> Input for this task
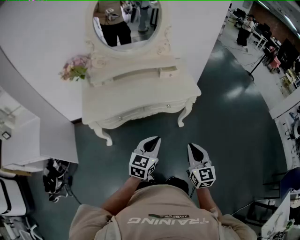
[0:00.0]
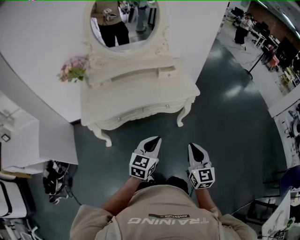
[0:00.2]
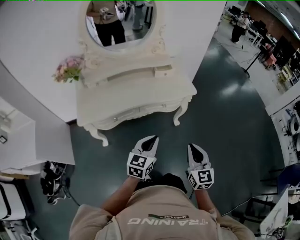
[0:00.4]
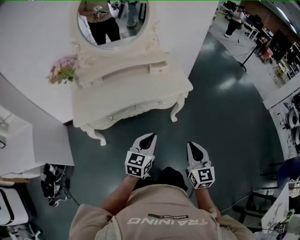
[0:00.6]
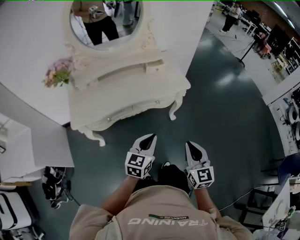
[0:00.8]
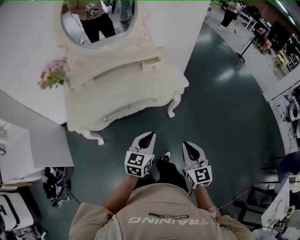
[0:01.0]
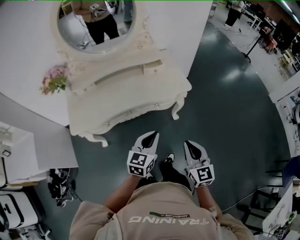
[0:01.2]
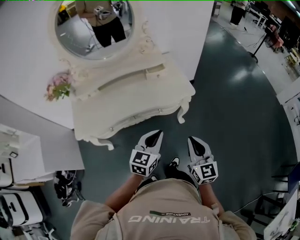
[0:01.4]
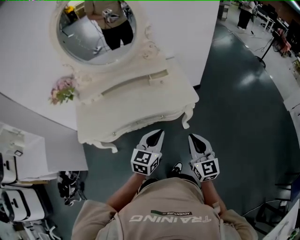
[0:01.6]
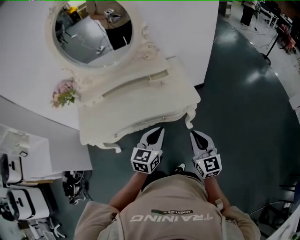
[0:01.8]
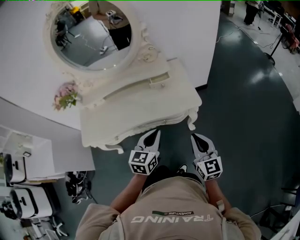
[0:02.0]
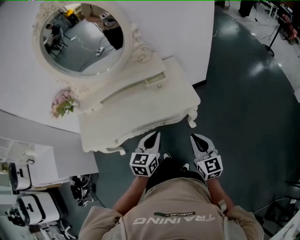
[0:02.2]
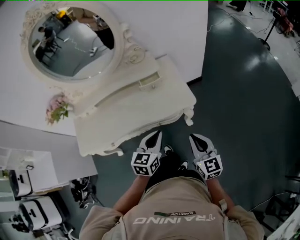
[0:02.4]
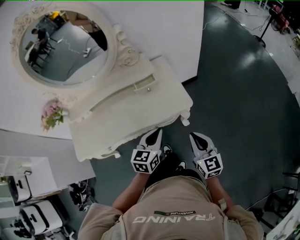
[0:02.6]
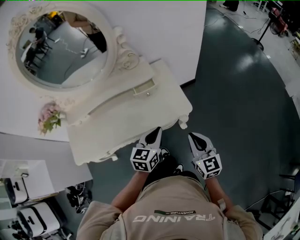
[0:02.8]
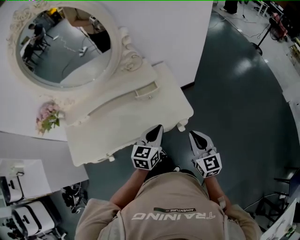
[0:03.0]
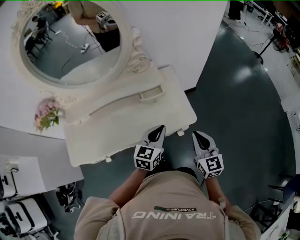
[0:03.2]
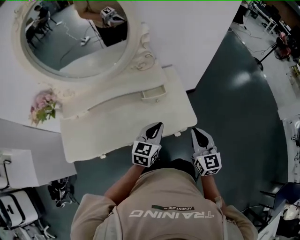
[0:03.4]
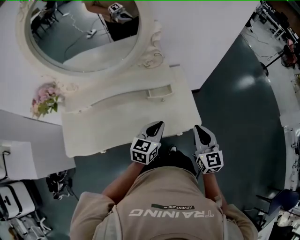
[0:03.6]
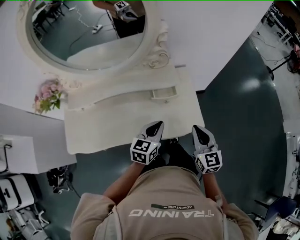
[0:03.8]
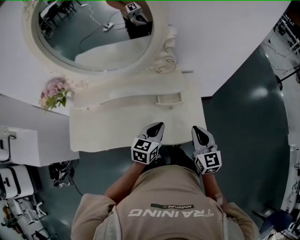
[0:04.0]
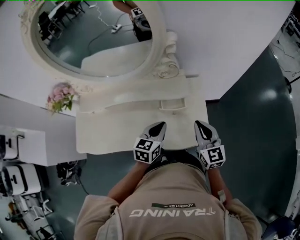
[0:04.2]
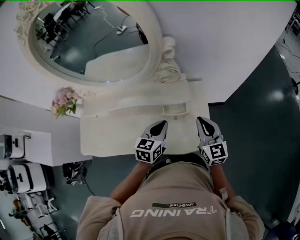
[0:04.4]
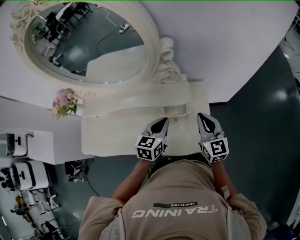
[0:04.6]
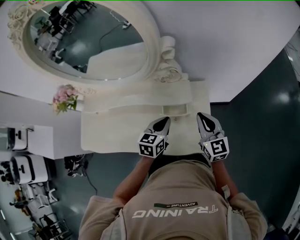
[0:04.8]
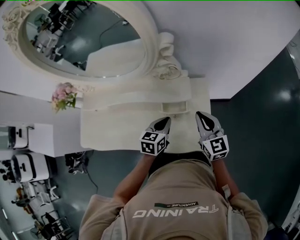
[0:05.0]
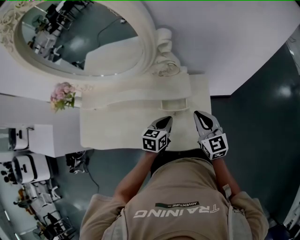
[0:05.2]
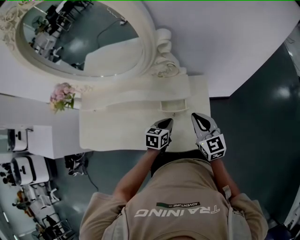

> Task to complete
Please repeat all of the data exactly as it stands, leaving the pictures out.

> Completed task
[0:00.0]
[0:00.2]
[0:00.4]
[0:00.6]
[0:00.8]
[0:01.0]
[0:01.2]
[0:01.4]
[0:01.6]
[0:01.8]
[0:02.0]
[0:02.2]
[0:02.4]
[0:02.6]
[0:02.8]
[0:03.0]
[0:03.2]
[0:03.4]
[0:03.6]
[0:03.8]
[0:04.0]
[0:04.2]
[0:04.4]
[0:04.6]
[0:04.8]
[0:05.0]
[0:05.2]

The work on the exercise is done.